You should also ask a lot of questions about ship sponsored shore excursions, as in most cases you have to be able to climb up the steps of a tour bus in order to participate. If you need a wheelchair-accessible shore excursion, it’s best to book it on your own.

Two good resources for planning accessible shore excursions are Cruise Critic (www.cruisecritic.com) and Emerging Horizons (www.emerginghorizons.com). The former has a discussion board dedicated to “Disabled Cruise Travel” with lots of first-hand accounts of accessible cruise experiences.
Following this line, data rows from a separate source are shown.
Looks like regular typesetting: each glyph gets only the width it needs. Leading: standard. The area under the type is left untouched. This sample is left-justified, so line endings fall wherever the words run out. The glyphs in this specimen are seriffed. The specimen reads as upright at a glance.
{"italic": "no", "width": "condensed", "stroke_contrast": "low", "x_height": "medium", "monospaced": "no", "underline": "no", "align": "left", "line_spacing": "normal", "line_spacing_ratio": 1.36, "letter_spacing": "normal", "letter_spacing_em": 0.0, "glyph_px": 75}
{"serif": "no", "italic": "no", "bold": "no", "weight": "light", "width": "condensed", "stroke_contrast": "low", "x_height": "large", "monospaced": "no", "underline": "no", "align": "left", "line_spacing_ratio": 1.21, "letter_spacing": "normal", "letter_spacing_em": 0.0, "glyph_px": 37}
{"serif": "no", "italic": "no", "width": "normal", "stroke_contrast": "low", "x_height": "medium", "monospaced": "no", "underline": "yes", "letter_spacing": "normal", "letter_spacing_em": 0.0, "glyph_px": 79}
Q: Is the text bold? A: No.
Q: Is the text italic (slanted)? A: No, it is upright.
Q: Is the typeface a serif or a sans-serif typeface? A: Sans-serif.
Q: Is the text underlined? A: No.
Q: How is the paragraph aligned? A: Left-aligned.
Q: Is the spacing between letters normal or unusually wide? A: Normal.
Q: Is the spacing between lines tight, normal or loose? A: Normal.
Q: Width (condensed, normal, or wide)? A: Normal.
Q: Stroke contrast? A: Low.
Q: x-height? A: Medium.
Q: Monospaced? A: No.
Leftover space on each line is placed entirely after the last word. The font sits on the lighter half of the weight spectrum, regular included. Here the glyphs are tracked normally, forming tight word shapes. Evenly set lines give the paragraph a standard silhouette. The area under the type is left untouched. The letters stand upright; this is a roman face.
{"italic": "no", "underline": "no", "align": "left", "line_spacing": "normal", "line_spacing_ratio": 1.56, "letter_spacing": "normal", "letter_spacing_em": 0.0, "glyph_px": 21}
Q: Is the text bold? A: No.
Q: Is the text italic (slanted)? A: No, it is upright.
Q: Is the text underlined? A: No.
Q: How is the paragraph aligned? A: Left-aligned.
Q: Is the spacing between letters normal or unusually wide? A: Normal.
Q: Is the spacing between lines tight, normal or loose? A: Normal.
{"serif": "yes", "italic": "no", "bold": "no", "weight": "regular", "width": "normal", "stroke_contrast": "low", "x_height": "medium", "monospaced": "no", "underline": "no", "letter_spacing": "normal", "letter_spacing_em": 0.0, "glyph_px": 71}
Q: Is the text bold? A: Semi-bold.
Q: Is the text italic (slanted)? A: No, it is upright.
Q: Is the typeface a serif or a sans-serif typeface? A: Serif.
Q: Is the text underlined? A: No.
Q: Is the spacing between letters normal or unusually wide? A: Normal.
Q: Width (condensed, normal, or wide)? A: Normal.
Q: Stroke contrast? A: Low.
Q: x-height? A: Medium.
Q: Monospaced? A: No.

The latter offers accessible travel tips and resources, and includes a good collection of accessible tour and shore excursion providers around the world.

Tips & Tricks
It’s also good to keep these points in mind when planning an accessible cruise.

  • Remember to request pier assistance when you book your cruise. Disabled passengers are given priority boarding upon advance request and fast tracked through the line.
  • Most ships have wheelchairs that can be borrowed for embarkation, but if you need one full-time or ashore, arrange for a rental to be delivered to your cabin.
  • Some cruise lines can also provide special equipment, such as a commode chair or a shower chair, upon advance request.
  • Other medical equipment – such as a Hoyer lift – can be rented from the cruise line’s approved suppliers and delivered to your cabin.
  • Plan ahead! Accessible cabins are in short supply so try to book at least 6-9 months in advance to get your first choice of sailing dates. Accessible balcony cabins on Alaska cruises sell out extremely fast, so book those as soon as they become available.
  • Slow walkers who use compact folding scooters need to make sure that the cabin doorways are wide enough to accommodate them, as most cruise lines don’t allow scooters to be parked in hallways.
  • If you use a power wheelchair or scooter, make sure the electrical supply on the ship is compatible with your battery charger. It’s also a good idea to pack an extension cord and a power strip, as electric outlets are limited.
  • If you take along a manual wheelchair, mark it clearly with your name or personalize it in some way, so it won’t be mistaken for one of the ship’s wheelchairs.
  • When you book your cruise, remember to request a table near the restaurant entrance, but out of the main traffic flow; as this will make for a more pleasant dining experience.
  • Don’t forget about airport transfers. If you purchase transfers from the cruise line, be sure and let them know you need a lift-equipped or ramped vehicle.
  • Finally, if you use a power wheelchair or scooter, bring along a manual wheelchair for use in port. This is especially helpful in Caribbean ports, where it’s difficult to find lift-equipped transportation.